#65 犬に聞け

「さて、おれたちは調査にいくとするか」

「はい! ですが、調査といってもなにをすればよいのかわかりませんよ」

「とりあえず情報集めからはじめようか。捜査の基本は足だというからな」

「ふむふむ、足ですか。それならわたしにおまかせください!」

 アイレンは張り切ってウォーミングアップをはじめる。いまにも走り出していきそうだ。
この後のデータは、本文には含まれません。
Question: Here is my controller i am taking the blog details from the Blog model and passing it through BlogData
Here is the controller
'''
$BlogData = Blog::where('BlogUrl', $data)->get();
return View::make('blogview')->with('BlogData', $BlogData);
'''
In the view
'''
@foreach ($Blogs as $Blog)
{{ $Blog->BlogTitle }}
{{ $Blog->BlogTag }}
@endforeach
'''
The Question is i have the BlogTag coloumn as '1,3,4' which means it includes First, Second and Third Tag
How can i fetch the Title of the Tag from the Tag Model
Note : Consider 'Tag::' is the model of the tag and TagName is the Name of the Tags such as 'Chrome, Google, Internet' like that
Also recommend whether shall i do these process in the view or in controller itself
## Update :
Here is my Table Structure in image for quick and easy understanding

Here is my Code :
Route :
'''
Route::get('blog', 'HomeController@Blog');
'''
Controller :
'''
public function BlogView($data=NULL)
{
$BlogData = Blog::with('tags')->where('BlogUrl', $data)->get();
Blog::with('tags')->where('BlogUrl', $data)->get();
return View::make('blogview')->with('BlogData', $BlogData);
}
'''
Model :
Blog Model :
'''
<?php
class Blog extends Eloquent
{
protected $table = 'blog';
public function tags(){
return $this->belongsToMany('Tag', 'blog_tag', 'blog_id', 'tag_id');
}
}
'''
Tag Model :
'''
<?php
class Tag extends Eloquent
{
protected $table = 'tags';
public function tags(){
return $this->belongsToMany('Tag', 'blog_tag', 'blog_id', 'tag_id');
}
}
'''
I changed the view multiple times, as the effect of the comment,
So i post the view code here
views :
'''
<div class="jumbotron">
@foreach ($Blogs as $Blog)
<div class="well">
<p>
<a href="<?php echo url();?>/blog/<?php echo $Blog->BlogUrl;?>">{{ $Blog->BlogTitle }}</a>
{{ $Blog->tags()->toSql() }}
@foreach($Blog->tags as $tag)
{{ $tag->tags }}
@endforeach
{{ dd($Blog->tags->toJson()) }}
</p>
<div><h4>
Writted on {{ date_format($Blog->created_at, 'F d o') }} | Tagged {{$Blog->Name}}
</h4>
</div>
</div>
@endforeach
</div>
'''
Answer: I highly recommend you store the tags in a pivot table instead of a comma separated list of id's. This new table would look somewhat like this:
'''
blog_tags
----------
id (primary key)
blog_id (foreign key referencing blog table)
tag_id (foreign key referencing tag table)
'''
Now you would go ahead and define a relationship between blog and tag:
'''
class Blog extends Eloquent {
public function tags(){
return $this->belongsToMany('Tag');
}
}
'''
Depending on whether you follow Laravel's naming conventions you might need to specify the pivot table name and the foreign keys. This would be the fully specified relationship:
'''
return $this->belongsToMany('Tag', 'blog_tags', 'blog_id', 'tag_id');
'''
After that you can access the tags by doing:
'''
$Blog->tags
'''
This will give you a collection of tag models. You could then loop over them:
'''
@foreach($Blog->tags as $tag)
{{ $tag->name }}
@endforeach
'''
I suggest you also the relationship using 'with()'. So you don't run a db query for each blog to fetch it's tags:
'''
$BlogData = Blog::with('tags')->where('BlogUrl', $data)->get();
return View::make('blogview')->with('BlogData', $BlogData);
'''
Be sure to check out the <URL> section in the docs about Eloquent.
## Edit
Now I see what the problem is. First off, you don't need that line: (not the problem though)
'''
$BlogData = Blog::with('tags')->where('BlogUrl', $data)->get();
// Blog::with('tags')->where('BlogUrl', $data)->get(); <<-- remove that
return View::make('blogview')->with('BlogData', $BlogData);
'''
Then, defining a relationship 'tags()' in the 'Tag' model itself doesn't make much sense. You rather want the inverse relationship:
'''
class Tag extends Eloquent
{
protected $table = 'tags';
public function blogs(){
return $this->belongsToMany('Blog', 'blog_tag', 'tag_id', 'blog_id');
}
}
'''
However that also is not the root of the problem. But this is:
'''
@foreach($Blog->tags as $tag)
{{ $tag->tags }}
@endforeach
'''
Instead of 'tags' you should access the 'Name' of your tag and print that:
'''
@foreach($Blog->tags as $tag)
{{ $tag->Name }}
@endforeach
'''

「いや、走る必要はない。ゆっくりでいいから聞き込みをしてまわろう」

「なるほど、わかりました!」

 冒険者ギルドに動物たちを押しつけたシュウトたちは街での情報収集を開始した。

 本来、拾い集めるのはシュウトの得意分野であるのだが、お世辞にも社交的とはいえない彼の性格ではあまりはかどりそうになかった。だがアイレンは見知らぬ人に声をかけることになんの抵抗もなくたいていの人と仲良くなれる人柄であるから、この手の調査はお手のものだった。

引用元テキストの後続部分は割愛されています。